Stuart Geman

Stuart Alan Geman (born March 23, 1949) is an American mathematician, known for influential contributions to computer vision, statistics, probability theory, machine learning, and the neurosciences.[1][2][3][4] He and his brother, Donald Geman, are well known for proposing the Gibbs sampler, and for the first proof of convergence of the simulated annealing algorithm.[5][6]

Stuart A. Geman
Geman lecturing on the Gibbs sampler
Born (1949-03-23) March 23, 1949
NationalityAmerican
Alma materUniversity of Michigan B.S. (1971)
Dartmouth College M.S. (1973)
Massachusetts Institute of Technology Ph.D. (1977)
RelativesDonald Geman (brother)
Scientific career
FieldsMathematics
InstitutionsBrown University
ThesisStochastic Differential Equations with Smooth Mixing Processes (1977)
Doctoral advisorHerman Chernoff
Frank Kozin
Doctoral studentsBarry R. Davis
Websitewww.dam.brown.edu/people/geman/

Biography

Geman was born and raised in Chicago. He was educated at the University of Michigan (B.S., Physics, 1971), Dartmouth Medical College (MS, Neurophysiology, 1973), and the Massachusetts Institute of Technology (Ph.D, Applied Mathematics, 1977).

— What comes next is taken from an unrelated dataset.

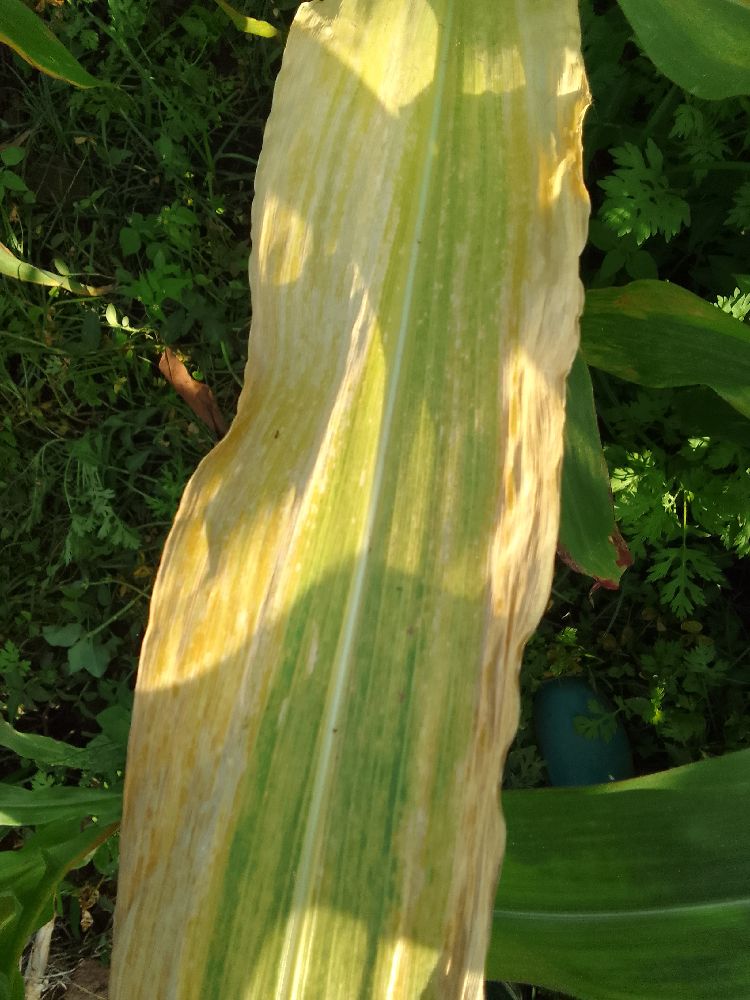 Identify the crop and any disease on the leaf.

maize, maize lethal necrosis
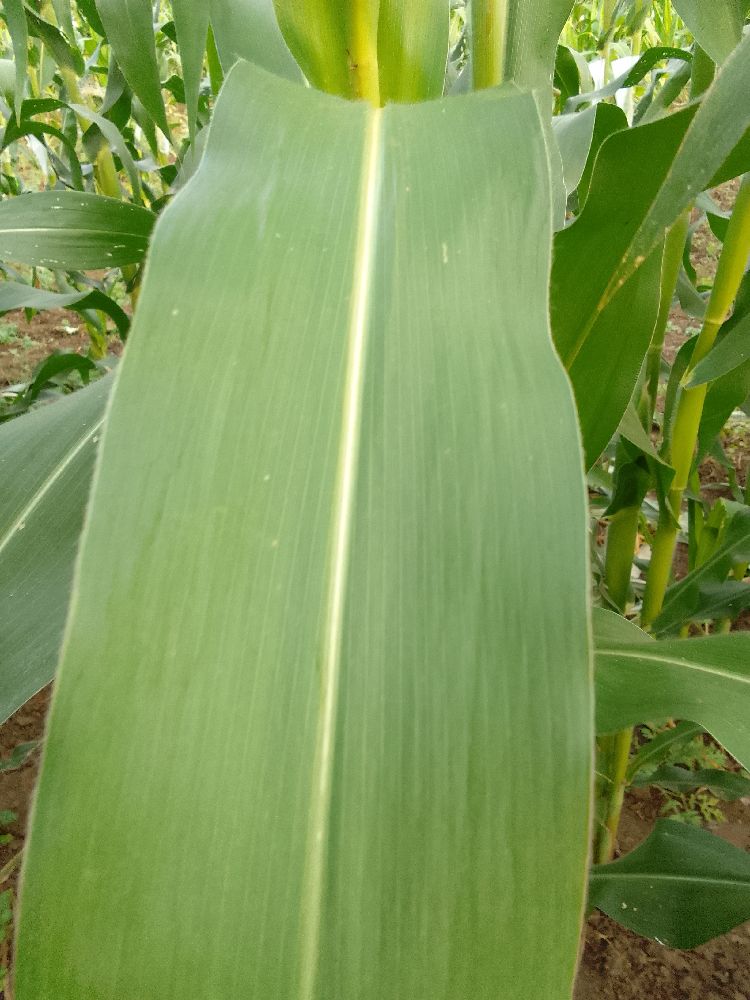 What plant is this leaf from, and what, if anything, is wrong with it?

Since 1977, he has been a member of the faculty at Brown University, where he has worked in the Pattern Theory group, and is currently the James Manning Professor of Applied Mathematics. He has received many honors and awards, including selection as a Presidential Young Investigator and as an ISI Highly Cited researcher. He is an elected member of the International Statistical Institute, and a fellow of the Institute of Mathematical Statistics and of the American Mathematical Society.[7] He was elected to the US National Academy of Sciences in 2011.

Work

Geman's scientific contributions span work in probabilistic and statistical approaches to artificial intelligence, Markov random fields, Markov chain Monte Carlo (MCMC) methods, nonparametric inference, random matrices, random dynamical systems, neural networks, neurophysiology, financial markets, and natural image statistics. Particularly notable works include: the development of the Gibbs sampler, proof of convergence of simulated annealing,[8][9] foundational contributions to the Markov random field ("graphical model") approach to inference in vision and machine learning,[3][10] and work on the compositional foundations of vision and cognition.[11][12]

Notes

  1. Thomas P. Ryan & William H. Woodall (2005). "The Most-Cited Statistical Papers". Journal of Applied Statistics. 32 (5): 461–474. doi:10.1080/02664760500079373. S2CID 109615204.
  2. S. Kotz & N.L. Johnson (1997). Breakthroughs in Statistics, Volume III. New York, NY: Springer Verlag.
  3. [Wikipedia] List of important publications in computer science.
  4. Sharon Bertsch Mcgrayne (2011). The theory that would not die. New York and London: Yale University Press.
  5. S. Geman; D. Geman (1984). "Stochastic Relaxation, Gibbs Distributions, and the Bayesian Restoration of Images". IEEE Transactions on Pattern Analysis and Machine Intelligence. 6 (6): 721–741. doi:10.1109/TPAMI.1984.4767596. PMID 22499653. S2CID 5837272.
  6. Google Scholar: Stochastic Relaxation, Gibbs Distributions and the Bayesian Restoration.
  7. List of Fellows of the American Mathematical Society, retrieved 2013-08-27.
  8. P.J. van Laarhoven & E.H. Aarts (1987). Simulated annealing: Theory and applications. Netherlands: Kluwer. Bibcode:1987sata.book.....L.
  9. P. Salamon; P. Sibani; R. Frost (2002). Facts, Conjectures, and Improvements for Simulated Annealing. Philadelphia, PA: Society for Industrial and Applied Mathematics.
  10. C. Bishop (2006). Pattern recognition and machine learning. New York: Springer.
  11. N. Chater; J.B. Tenenbaum & A. Yuille (2005). "Probabilistic models of cognition: Conceptual foundations" (PDF). Trends in Cognitive Sciences. 10 (7): 287–291. doi:10.1016/j.tics.2006.05.007. PMID 16807064. S2CID 7547910.
  12. B. Ommer & J.M. Buhmann (2010). "Learning the compositional structure of visual object categories for recognition". IEEE Transactions on Pattern Analysis and Machine Intelligence. 32 (3): 501–516. CiteSeerX 10.1.1.297.2474. doi:10.1109/tpami.2009.22. PMID 20075474. S2CID 11002928.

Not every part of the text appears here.